If $x,y$ have the same sign $f(x,y)>0$

and if they have opposite signs $f(x,y)<0$

With the 4 pairs you have, 2 share the same sign and and 2 do not. That should make it clear wich are the maxima and which are the minima.

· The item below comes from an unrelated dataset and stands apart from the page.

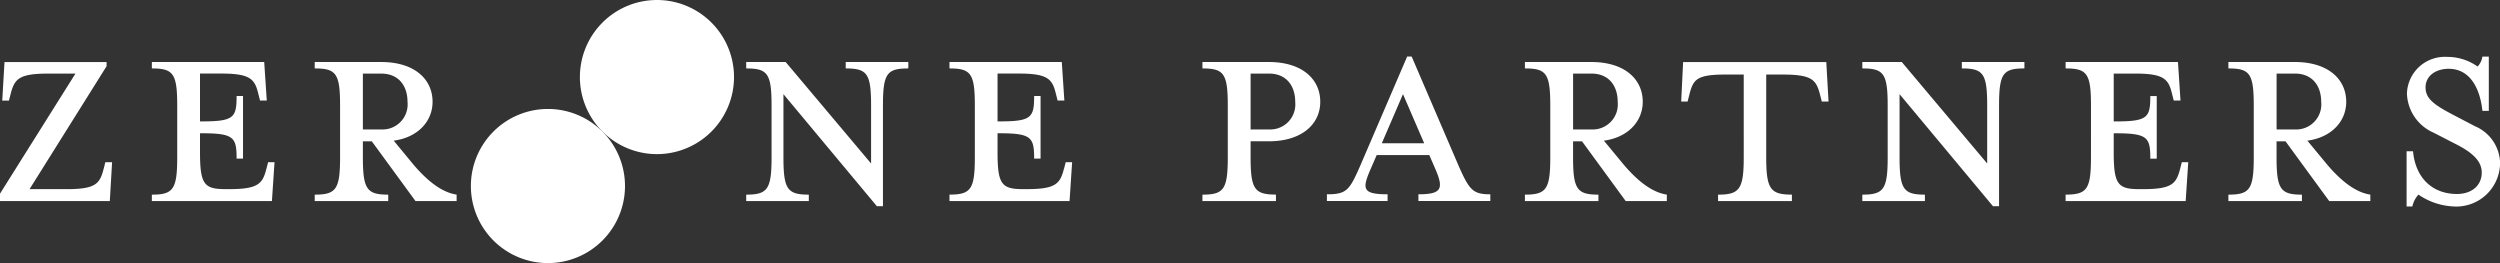 <svg xmlns="http://www.w3.org/2000/svg" width="304" height="31.99" viewBox="0 0 304 31.99"><rect x="0" y="0" width="304" height="31.99" fill="#333333" stroke="none"/><defs><clipPath id="a"><path fill="none" d="M0 0h304v31.99H0z"/></clipPath></defs><g clip-path="url(#a)" fill="#fff"><path d="M155.155 23.665v.785h-8.939v-.781c2.616 0 3.083-.663 3.083-4.567V12.85c0-3.9-.468-4.529-3.083-4.529v-.78h8.082c4.021 0 6.246 2.068 6.246 4.84 0 2.694-2.225 4.8-6.246 4.8h-2.225v1.913c0 3.9.468 4.567 3.083 4.567m-.858-14.711h-2.225v6.79h2.225a3.051 3.051 0 003.2-3.357c0-1.874-1.015-3.436-3.2-3.436m12.324 11.713c-.976 2.3-.976 2.967 2.108 2.967v.819h-7.378v-.819c2.381 0 2.732-.468 4.021-3.4l5.738-13.352h.547l5.739 13.352c1.288 2.928 1.757 3.4 3.825 3.4v.819h-8.744v-.819c2.811 0 3.084-.664 2.108-2.967l-.781-1.8h-6.4zm3.982-9.213l-2.577 5.973h5.153zm26.851 8.588c1.562 1.834 3.357 3.357 5.231 3.63v.785h-5l-5.309-7.261h-1.092v1.913c0 3.9.468 4.567 3.084 4.567v.781h-8.939v-.781c2.616 0 3.084-.663 3.084-4.567V12.85c0-3.9-.468-4.529-3.084-4.529v-.78h8.081c4.021 0 6.246 2.068 6.246 4.84 0 2.381-1.8 4.333-4.724 4.724zM193.512 8.95h-2.225v6.79h2.225a3.051 3.051 0 003.2-3.357c0-1.874-1.015-3.436-3.2-3.436m16.272.119c-3.592 0-3.9.664-4.372 2.5l-.2.78h-.78l.234-4.8h17.41l.273 4.8h-.819l-.2-.78c-.469-1.835-.938-2.5-4.529-2.5h-2.03v10.032c0 3.9.508 4.567 3.123 4.567v.785h-8.979v-.781c2.616 0 3.123-.663 3.123-4.567V9.066zm16.674-.743v-.78h4.8l10.384 12.336V12.85c0-3.9-.468-4.529-3.084-4.529v-.78h7.612v.78c-2.616 0-3.084.625-3.084 4.529v12.221h-.742L230.987 11.45v7.652c0 3.9.468 4.567 3.084 4.567v.781h-7.613v-.781c2.616 0 3.084-.663 3.084-4.567V12.85c0-3.9-.469-4.529-3.084-4.529m38.652 12.183l.2-.781h.781l-.312 4.723h-14.6v-.781c2.616 0 3.084-.663 3.084-4.567V12.85c0-3.9-.468-4.529-3.084-4.529v-.78h13.663l.306 4.686h-.82l-.2-.781c-.429-1.8-.937-2.5-4.49-2.5h-2.61v5.818h.234c3.9 0 4.216-.469 4.216-3.085h.781v7.613h-.781c0-2.577-.312-3.084-4.216-3.084h-.234v2.264c0 3.9.469 4.529 3.084 4.529h.469c3.553 0 4.06-.664 4.529-2.5m17.891-.466c1.562 1.834 3.357 3.357 5.231 3.63v.785h-5l-5.31-7.261h-1.093v1.913c0 3.9.469 4.567 3.084 4.567v.781h-8.939v-.781c2.616 0 3.083-.663 3.083-4.567V12.85c0-3.9-.468-4.529-3.083-4.529v-.78h8.081c4.021 0 6.246 2.068 6.246 4.84 0 2.381-1.8 4.333-4.724 4.724zM279.058 8.95h-2.225v6.79h2.225a3.051 3.051 0 003.2-3.357c0-1.874-1.015-3.436-3.2-3.436m19.399 16.16a8.109 8.109 0 01-4.372-1.444 3.107 3.107 0 00-.742 1.444h-.7v-6.711h.781c.312 3.318 2.421 5.192 5.349 5.192 1.679 0 3.006-.936 3.006-2.615 0-1.366-1.093-2.42-3.2-3.475l-2.655-1.366a5.378 5.378 0 01-3.24-4.763 4.607 4.607 0 014.88-4.45 6.327 6.327 0 013.709 1.171 2.185 2.185 0 00.586-1.211h.78v6.6h-.78c-.235-2.342-1.288-5.114-4.1-5.114-1.523 0-2.811.819-2.811 2.264 0 1.366 1.015 2.108 3.4 3.357l2.616 1.366a4.981 4.981 0 013.045 4.412 5.328 5.328 0 01-5.544 5.348M5.817 8.95c-3.592 0-4.06.7-4.529 2.5l-.2.781H.273l.273-4.684h12.415v.503L3.592 23.002h4.489c3.592 0 4.061-.664 4.529-2.5l.2-.781h.82l-.278 4.729H0v-.9l9.174-14.6zm26.585 11.554l.2-.781h.78l-.316 4.727h-14.6v-.781c2.616 0 3.084-.663 3.084-4.567V12.85c0-3.9-.468-4.529-3.084-4.529v-.78h13.662l.313 4.684h-.82l-.2-.781c-.429-1.8-.937-2.5-4.49-2.5h-2.61v5.818h.234c3.9 0 4.216-.469 4.216-3.085h.781v7.613h-.781c0-2.577-.312-3.084-4.216-3.084h-.234v2.264c0 3.9.468 4.529 3.084 4.529h.468c3.553 0 4.06-.664 4.529-2.5m17.892-.464c1.562 1.834 3.357 3.357 5.231 3.63v.785h-5l-5.309-7.261h-1.09v1.913c0 3.9.468 4.567 3.084 4.567v.781h-8.94v-.781c2.616 0 3.084-.663 3.084-4.567V12.85c0-3.9-.468-4.529-3.084-4.529v-.78h8.084c4.021 0 6.246 2.068 6.246 4.84 0 2.381-1.8 4.333-4.724 4.724zM46.354 8.95h-2.228v6.79h2.228a3.051 3.051 0 003.2-3.357c0-1.874-1.017-3.433-3.2-3.433m44.384-.627v-.78h4.8l10.386 12.336V12.85c0-3.9-.469-4.529-3.084-4.529v-.78h7.612v.78c-2.616 0-3.084.625-3.084 4.529v12.221h-.742L95.267 11.45v7.652c0 3.9.468 4.567 3.084 4.567v.781h-7.613v-.781c2.616 0 3.084-.663 3.084-4.567V12.85c0-3.9-.468-4.529-3.084-4.529m38.652 12.183l.2-.781h.78l-.312 4.723h-14.6v-.781c2.616 0 3.083-.663 3.083-4.567V12.85c0-3.9-.468-4.529-3.083-4.529v-.78h13.656l.312 4.684h-.82l-.2-.781c-.429-1.8-.937-2.5-4.49-2.5h-2.615v5.818h.234c3.9 0 4.216-.469 4.216-3.085h.781v7.613h-.781c0-2.577-.312-3.084-4.216-3.084h-.234v2.264c0 3.9.468 4.529 3.083 4.529h.469c3.553 0 4.06-.664 4.529-2.5m-56.127-4.504a9.37 9.37 0 11-13.251 0 9.37 9.37 0 0113.251 0"/><path d="M86.511 2.745a9.37 9.37 0 11-13.251 0 9.369 9.369 0 0113.251 0"/></g></svg>

But is calculus even necessary?

Make this substitution

$x = u+v\\ y = u-v$

Then your objective and constraint become:

$f(u,v) = 3u^2 - 3v^2\\ 3u^2 + v^2 = 3$

Plugging the constraint into the objective.

$f(u,v) = 3 - 4v^2$

$f$ is maximized when $v = 0$

$u = \pm 1\\ x = \pm 1\\ y = \pm 1$

$f$ is minimized when $u = 0$

$v = \pm \sqrt 3\\ x = \pm \sqrt 3\\ y = \mp \sqrt 3$

Answer 3

Let $3xy=k$.

Thus, $$k(x^2+y^2+xy)=9xy$$ or $$kx^2+(k-9)xy+ky^2=0$$ has solutions.

Let $k\neq0$.

Thus, $$(k-9)^2-4k^2\geq0$$ or $$(k+9)(k-3)\leq0$$ or $$-9\leq k\leq3.$$ Now, we see that $k=0$ is not relevant and the extreme value of $k$ occurs for $x=-\frac{k-9}{2k}y$,

which says that $$\max_{x^2+y^2+xy=3}3xy=3$$ and $$\min_{x^2+y^2+xy=3}3xy=-9$$

Answer 4

1) $(x+y)^2- xy= 3;$

$xy = (x+y)^2 -3;$

$f(x,y)=3xy = 3(x+y)^2-9.$

$f_{min}=-9$, at $x=-y$;

$-3x^2= -9; x=\pm √3; y=\mp √3$;

2) $(x-y)^2+3xy= 3;$

$f(x,y)= 3xy= 3-(x-y)^2$;

$f_{max}= 3$, at $x=y$.

$x^2=1$; $x =\pm 1$, $y=\pm 1$.

Answer 5

If Lagrange multipliers is not mandatory,

$$12=4x^2+4y^2+4xy=(2x+y)^2+(\sqrt3y)^2$$

Let $\sqrt3y=\sqrt{12}\cos t\iff y=2\cos t$

$2x+y=2\sqrt3\sin t\iff 2x=2\sqrt3\sin t-2\cos t\iff x=\sqrt3\sin t-\cos t=2\sin\left(t-30^\circ\right)$

$3xy=12\cos t\sin\left(t-30^\circ\right)=6[\sin(2t-30^\circ)-\sin30^\circ]$

Now for real $x,y;t$ is real $$-1\le\sin(2t-30^\circ)\le1$$

Answer 6

As the equations involved are homogeneous, making $y = \lambda x$ we have

$$ \min(\max)3x^2\lambda\ \ \mbox{s. t. }\ \ x^2(1+\lambda^2+\lambda) = 3 $$

which is equivalent to

$$ \min_{\lambda}(\max_{\lambda})f(\lambda) = \frac{9\lambda}{\lambda^2+\lambda+1} $$

so the stationary points are at

$$ f'(\lambda) = -\frac{9 \left(\lambda ^2-1\right)}{\left(\lambda ^2+\lambda +1\right)^2} = 0\Rightarrow \lambda^* = \{-1,1\} $$

then the solutions are at $y = \pm x$ etc.